(Directions for this task): Each record that follows must be reproduced exactly.

BEGIN Data for analysis

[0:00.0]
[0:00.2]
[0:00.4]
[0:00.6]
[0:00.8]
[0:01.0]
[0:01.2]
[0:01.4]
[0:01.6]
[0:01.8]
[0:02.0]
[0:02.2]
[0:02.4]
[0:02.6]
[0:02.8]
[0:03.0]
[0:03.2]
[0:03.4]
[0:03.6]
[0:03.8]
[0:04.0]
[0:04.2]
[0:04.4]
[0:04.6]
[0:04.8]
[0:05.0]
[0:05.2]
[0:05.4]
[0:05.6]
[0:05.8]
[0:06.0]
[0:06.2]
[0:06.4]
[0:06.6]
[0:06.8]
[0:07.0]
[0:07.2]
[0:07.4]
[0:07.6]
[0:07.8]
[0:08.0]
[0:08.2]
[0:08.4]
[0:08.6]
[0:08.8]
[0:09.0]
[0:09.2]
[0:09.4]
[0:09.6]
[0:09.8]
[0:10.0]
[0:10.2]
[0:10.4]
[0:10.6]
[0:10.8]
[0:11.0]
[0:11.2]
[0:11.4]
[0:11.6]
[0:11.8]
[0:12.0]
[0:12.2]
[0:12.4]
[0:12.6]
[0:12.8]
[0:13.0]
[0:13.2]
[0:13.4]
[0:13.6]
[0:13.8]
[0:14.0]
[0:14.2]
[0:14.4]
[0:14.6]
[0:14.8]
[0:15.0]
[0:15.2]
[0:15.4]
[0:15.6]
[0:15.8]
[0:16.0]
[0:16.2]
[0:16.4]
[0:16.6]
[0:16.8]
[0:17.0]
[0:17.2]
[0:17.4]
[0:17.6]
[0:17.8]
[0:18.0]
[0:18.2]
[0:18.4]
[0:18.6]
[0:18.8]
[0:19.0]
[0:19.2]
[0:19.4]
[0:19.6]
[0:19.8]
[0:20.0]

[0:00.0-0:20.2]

END Data for analysis

(Response):
[0:00.0]
[0:00.2]
[0:00.4]
[0:00.6]
[0:00.8]
[0:01.0]
[0:01.2]
[0:01.4]
[0:01.6]
[0:01.8]
[0:02.0]
[0:02.2]
[0:02.4]
[0:02.6]
[0:02.8]
[0:03.0]
[0:03.2]
[0:03.4]
[0:03.6]
[0:03.8]
[0:04.0]
[0:04.2]
[0:04.4]
[0:04.6]
[0:04.8]
[0:05.0]
[0:05.2]
[0:05.4]
[0:05.6]
[0:05.8]
[0:06.0]
[0:06.2]
[0:06.4]
[0:06.6]
[0:06.8]
[0:07.0]
[0:07.2]
[0:07.4]
[0:07.6]
[0:07.8]
[0:08.0]
[0:08.2]
[0:08.4]
[0:08.6]
[0:08.8]
[0:09.0]
[0:09.2]
[0:09.4]
[0:09.6]
[0:09.8]
[0:10.0]
[0:10.2]
[0:10.4]
[0:10.6]
[0:10.8]
[0:11.0]
[0:11.2]
[0:11.4]
[0:11.6]
[0:11.8]
[0:12.0]
[0:12.2]
[0:12.4]
[0:12.6]
[0:12.8]
[0:13.0]
[0:13.2]
[0:13.4]
[0:13.6]
[0:13.8]
[0:14.0]
[0:14.2]
[0:14.4]
[0:14.6]
[0:14.8]
[0:15.0]
[0:15.2]
[0:15.4]
[0:15.6]
[0:15.8]
[0:16.0]
[0:16.2]
[0:16.4]
[0:16.6]
[0:16.8]
[0:17.0]
[0:17.2]
[0:17.4]
[0:17.6]
[0:17.8]
[0:18.0]
[0:18.2]
[0:18.4]
[0:18.6]
[0:18.8]
[0:19.0]
[0:19.2]
[0:19.4]
[0:19.6]
[0:19.8]
[0:20.0]

[0:00.0-0:20.2]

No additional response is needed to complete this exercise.